As highlighted through this article, bias in generative models is observed in various forms and under various conditions. Methods to detect it have to be as diverse as the biases they are trying to detect.
One of the main measure of biases in language models consists in the Word Embedding Association Test. This score measures the similarity, within an embedding space (internal representation), between two set of words. A high score indicates a strong association. More specifically, it computes the difference of similarity between a target set of words and two inputs sets, for example [home, family] as target and [he, man]/[she, woman] as inputs. A score of 0 would indicate a perfectly balanced model.
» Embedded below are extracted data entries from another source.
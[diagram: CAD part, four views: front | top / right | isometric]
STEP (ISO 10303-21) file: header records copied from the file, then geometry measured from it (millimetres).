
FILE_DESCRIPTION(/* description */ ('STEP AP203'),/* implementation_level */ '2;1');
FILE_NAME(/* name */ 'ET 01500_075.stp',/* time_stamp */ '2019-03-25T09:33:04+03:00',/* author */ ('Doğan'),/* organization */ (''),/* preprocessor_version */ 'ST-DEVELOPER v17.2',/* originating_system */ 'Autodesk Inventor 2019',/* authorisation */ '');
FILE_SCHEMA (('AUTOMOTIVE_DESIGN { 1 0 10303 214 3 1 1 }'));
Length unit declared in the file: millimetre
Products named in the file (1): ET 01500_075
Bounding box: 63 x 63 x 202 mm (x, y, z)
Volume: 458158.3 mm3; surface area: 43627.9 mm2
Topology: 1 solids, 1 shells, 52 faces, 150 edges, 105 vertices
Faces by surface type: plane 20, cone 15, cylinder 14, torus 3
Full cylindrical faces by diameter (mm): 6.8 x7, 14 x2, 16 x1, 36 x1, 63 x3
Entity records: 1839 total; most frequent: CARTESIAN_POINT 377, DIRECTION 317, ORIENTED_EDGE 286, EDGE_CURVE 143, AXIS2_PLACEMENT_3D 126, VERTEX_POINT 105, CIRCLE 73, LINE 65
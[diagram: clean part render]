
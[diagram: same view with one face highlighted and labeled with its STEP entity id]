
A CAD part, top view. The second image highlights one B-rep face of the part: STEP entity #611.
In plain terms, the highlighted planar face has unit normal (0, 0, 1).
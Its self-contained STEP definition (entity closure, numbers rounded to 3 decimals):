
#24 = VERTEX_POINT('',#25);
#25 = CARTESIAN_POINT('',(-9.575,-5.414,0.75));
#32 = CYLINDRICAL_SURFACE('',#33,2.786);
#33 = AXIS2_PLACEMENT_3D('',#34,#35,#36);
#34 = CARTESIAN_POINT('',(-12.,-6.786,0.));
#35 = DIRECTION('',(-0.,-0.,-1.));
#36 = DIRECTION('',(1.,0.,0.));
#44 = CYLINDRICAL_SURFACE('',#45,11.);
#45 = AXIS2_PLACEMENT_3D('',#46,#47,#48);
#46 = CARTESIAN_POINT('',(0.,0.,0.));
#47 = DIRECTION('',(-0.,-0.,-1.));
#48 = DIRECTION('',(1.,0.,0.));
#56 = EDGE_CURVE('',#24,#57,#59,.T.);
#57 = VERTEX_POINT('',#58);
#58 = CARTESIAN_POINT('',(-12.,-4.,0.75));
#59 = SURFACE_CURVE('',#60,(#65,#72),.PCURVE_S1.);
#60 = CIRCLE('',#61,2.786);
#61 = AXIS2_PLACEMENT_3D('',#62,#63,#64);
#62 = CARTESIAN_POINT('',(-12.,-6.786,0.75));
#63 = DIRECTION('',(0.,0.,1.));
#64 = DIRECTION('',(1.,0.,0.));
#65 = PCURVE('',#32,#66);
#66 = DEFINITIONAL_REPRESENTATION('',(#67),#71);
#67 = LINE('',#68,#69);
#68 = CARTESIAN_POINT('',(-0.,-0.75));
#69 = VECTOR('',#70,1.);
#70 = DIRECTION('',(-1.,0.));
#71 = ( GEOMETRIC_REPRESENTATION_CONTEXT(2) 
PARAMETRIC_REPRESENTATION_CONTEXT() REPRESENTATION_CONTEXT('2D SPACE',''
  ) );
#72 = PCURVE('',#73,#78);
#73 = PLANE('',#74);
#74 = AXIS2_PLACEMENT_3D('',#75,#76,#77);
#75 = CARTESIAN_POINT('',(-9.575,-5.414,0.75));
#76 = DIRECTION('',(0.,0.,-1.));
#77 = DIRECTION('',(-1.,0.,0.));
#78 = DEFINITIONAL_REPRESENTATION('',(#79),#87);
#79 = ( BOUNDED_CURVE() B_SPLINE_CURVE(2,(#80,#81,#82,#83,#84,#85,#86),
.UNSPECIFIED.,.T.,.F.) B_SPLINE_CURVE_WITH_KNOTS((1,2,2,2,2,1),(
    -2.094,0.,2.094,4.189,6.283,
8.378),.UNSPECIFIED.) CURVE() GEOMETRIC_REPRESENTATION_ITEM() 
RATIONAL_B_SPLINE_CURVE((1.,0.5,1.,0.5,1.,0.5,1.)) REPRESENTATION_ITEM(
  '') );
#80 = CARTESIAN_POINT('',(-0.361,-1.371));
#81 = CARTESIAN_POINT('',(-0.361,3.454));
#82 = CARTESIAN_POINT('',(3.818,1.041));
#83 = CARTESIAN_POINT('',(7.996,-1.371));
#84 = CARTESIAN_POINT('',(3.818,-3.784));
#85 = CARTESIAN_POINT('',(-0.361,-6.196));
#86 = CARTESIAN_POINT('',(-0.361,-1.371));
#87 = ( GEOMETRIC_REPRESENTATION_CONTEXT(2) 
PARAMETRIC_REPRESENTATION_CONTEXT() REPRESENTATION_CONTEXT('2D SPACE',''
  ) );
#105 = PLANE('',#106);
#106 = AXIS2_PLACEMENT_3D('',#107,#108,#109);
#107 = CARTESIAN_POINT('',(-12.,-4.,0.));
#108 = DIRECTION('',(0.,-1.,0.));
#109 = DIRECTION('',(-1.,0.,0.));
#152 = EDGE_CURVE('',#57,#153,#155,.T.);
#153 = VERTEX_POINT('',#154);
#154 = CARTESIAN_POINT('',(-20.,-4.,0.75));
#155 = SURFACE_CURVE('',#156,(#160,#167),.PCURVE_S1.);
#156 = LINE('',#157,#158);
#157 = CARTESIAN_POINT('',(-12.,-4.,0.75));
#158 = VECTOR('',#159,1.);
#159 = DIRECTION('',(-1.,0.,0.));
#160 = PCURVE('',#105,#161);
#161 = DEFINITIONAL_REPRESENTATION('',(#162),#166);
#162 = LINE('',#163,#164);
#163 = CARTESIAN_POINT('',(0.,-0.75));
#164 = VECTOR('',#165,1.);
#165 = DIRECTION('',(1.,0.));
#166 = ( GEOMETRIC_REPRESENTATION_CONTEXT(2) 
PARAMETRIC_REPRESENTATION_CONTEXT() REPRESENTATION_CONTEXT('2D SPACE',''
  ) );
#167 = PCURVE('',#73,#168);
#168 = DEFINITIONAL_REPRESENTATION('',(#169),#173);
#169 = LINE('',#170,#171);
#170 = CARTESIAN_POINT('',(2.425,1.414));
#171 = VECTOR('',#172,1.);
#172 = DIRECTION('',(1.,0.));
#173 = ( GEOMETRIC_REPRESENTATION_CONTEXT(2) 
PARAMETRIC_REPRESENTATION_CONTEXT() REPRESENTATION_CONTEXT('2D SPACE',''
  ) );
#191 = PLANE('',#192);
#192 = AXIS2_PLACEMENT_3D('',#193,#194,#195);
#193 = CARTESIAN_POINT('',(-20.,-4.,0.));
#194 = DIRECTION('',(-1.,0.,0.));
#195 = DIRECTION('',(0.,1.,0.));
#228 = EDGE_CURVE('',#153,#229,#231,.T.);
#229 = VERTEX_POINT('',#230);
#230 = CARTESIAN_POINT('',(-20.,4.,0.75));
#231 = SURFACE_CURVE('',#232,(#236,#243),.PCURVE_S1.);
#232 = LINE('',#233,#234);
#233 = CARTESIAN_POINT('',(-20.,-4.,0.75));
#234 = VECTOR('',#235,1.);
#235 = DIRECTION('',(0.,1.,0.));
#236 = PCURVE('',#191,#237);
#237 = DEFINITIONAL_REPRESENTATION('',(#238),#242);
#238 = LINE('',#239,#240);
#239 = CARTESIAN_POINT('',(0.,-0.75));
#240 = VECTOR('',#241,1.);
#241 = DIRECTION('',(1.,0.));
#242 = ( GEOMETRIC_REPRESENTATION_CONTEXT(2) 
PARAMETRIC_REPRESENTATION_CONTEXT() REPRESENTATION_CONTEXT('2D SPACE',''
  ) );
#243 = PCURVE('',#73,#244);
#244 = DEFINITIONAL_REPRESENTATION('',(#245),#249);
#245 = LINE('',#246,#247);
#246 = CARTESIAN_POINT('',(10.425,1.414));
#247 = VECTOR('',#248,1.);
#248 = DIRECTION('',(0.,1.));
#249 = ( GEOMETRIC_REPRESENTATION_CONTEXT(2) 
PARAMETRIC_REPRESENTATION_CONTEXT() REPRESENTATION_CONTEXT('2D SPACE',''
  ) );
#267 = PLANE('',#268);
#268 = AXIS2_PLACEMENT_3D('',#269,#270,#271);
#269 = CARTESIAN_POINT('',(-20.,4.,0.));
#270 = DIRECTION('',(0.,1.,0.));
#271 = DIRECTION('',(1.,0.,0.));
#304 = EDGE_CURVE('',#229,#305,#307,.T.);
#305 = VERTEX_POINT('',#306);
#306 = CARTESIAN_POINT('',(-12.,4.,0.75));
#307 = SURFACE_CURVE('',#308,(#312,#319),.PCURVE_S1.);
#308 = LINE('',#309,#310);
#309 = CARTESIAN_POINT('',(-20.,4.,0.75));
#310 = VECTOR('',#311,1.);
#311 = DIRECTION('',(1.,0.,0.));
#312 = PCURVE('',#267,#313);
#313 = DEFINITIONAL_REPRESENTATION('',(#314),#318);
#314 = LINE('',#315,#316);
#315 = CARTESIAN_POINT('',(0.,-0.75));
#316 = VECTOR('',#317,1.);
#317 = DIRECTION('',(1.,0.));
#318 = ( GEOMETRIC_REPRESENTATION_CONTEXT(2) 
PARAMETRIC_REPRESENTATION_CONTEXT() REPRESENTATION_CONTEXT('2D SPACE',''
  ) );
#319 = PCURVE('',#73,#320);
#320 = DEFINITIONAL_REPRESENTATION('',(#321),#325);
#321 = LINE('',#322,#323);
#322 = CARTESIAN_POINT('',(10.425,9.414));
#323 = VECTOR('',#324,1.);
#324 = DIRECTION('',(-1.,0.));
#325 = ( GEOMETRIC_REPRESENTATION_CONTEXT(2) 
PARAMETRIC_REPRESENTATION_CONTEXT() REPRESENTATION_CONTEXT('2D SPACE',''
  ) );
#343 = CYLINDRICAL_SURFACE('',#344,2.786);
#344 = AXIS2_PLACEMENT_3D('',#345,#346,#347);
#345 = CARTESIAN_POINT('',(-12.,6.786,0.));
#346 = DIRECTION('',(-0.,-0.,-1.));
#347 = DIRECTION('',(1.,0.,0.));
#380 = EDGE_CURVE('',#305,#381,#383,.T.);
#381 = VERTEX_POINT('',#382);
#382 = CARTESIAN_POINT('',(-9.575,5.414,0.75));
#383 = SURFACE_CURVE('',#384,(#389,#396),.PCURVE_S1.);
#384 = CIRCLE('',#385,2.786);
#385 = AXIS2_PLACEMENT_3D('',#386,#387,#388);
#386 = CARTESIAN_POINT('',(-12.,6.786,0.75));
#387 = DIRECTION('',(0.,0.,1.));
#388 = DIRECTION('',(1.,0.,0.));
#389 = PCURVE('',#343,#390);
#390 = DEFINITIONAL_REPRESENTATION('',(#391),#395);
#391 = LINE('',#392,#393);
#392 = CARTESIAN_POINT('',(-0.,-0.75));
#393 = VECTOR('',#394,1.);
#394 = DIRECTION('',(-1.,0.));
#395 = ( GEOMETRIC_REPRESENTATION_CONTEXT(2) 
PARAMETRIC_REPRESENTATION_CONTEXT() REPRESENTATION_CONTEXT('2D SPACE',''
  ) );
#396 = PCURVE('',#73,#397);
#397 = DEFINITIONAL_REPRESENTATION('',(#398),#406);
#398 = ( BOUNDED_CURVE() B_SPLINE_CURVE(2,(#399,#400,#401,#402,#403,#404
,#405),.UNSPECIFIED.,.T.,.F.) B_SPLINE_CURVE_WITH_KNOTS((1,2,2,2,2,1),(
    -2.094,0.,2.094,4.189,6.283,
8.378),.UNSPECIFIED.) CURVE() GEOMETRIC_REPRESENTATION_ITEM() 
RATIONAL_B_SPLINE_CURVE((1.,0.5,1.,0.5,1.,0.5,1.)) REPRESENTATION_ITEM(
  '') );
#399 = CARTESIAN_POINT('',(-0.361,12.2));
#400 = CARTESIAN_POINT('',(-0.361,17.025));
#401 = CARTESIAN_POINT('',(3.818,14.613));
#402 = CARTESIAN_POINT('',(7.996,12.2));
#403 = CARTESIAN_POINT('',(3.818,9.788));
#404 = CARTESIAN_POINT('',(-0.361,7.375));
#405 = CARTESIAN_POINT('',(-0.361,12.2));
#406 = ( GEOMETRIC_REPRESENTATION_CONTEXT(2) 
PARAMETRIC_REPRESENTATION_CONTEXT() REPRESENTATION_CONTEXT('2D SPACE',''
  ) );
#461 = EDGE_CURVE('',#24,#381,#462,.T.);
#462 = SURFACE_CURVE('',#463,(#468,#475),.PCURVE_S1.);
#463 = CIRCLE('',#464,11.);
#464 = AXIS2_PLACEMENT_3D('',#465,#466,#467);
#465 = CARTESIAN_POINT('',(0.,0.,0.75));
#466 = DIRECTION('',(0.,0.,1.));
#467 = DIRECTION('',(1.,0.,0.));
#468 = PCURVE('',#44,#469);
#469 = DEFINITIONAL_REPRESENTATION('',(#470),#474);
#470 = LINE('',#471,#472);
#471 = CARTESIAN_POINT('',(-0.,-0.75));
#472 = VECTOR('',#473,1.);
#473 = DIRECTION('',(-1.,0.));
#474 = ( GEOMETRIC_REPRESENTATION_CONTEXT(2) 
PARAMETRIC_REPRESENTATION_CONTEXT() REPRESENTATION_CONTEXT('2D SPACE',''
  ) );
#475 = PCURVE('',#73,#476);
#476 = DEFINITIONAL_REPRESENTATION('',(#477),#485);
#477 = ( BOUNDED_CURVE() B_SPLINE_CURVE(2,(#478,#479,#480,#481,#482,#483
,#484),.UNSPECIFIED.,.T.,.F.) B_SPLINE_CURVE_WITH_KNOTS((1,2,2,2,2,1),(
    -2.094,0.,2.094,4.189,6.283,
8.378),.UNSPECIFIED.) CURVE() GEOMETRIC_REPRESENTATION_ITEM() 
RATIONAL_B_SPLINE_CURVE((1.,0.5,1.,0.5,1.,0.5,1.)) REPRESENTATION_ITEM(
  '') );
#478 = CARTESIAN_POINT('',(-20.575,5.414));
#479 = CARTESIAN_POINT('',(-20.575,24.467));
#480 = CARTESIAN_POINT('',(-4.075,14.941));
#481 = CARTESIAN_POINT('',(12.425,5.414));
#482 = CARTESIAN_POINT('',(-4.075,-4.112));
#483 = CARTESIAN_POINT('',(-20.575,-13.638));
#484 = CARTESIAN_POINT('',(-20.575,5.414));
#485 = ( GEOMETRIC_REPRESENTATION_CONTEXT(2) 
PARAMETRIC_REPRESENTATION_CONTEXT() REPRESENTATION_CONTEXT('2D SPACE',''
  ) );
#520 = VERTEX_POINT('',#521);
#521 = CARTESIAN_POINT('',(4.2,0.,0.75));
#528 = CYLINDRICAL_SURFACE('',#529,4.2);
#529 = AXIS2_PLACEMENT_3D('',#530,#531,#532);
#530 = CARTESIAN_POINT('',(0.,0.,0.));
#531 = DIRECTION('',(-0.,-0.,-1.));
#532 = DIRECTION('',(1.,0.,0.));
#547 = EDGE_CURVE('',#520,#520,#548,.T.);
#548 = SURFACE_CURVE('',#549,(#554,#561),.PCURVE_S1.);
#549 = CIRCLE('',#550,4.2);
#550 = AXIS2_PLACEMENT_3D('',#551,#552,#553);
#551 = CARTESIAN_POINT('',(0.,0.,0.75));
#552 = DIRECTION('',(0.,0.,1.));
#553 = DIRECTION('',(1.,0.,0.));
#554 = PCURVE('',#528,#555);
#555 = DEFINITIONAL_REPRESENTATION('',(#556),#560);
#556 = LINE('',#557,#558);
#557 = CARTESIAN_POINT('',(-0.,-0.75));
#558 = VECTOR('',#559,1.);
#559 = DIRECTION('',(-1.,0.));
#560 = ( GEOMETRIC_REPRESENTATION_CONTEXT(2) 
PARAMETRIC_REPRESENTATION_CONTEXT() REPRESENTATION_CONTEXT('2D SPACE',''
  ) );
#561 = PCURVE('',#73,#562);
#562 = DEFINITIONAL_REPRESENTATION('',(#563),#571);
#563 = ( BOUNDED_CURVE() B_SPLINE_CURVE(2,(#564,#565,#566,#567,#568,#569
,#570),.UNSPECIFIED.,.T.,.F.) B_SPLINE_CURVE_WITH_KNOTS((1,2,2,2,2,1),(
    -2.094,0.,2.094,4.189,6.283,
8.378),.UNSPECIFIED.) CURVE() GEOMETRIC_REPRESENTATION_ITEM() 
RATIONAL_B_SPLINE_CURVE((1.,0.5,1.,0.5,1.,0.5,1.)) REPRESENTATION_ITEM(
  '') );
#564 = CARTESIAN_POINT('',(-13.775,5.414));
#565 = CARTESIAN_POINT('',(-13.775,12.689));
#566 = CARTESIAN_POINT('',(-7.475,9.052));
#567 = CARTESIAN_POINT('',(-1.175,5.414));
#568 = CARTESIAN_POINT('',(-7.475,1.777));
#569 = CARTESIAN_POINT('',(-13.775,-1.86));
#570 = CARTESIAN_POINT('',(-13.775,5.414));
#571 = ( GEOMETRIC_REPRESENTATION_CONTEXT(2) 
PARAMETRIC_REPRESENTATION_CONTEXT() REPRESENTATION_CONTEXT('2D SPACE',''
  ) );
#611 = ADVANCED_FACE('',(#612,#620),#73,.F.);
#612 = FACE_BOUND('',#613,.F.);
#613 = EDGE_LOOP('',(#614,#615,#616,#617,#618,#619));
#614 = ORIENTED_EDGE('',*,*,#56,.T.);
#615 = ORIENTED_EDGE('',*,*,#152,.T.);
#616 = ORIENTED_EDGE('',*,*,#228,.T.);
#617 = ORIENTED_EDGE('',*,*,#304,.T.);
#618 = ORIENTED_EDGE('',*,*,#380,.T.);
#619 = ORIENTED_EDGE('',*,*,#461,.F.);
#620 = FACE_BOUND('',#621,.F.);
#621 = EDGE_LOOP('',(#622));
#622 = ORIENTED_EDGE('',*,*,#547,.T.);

This metrics was used to demonstrate that RoBERTa is one of the most biased generative model (https://arxiv.org/pdf/2106.13219.pdf).
An innovative way of measuring biases in generative models (counterfactual evaluation), and more specifically gender bias, consists in swapping the gender of the words and to observe the change of accuracy in the predictions. If the modified accuracy and the original accuracy are different it highlights the presence of biases in the model as an unbiased generative model should be as accurate independently of the gender of the inputs. The main caveat of this measure is that it only captures gender bias and has thus to be completed by other measure to fully evaluate bias sources. On a similar idea, one can use the Bilingual Evaluation Understudy (a classical translation measure) to compare the similarity between the output resulting from the gender swapped input and the original one.
Current generative models are based on transformer models that used a feature called attention to predict the output based on the output. Studies have investigated the relationship between gender and roles using the attention score directly from the model (https://arxiv.org/abs/2110.15733). This allows to compare different part of the model between each other to detect which module contributes more to bias. If it has been shown with this measure that generative models introduce a gender bias on the Wikipedia dataset, one caveat of this measure is that attention values don’t represent direct effect and similarity between concepts and require an in depth analysis to draw any conclusions.
How to overcome biases in generative models?
Various techniques have been developed by researchers to provide less biased generative systems. Most of the time these technics consist in additional steps in the modeling, such as setting a control variable that will fix the gender based on previous information or adding another model to provide contextual information. However, all these steps don’t necessarily addresses the use of inherently biased datasets. In addition, most of the generative models are based on English training data, drastically limiting the cultural and societal diversity of these models.
Fully overcoming biases in generative models would require the establishment of a formal framework and benchmarks to test and evaluate models across multiple languages. This would allow the detection of bias that is present in nuanced ways in diverse AI models.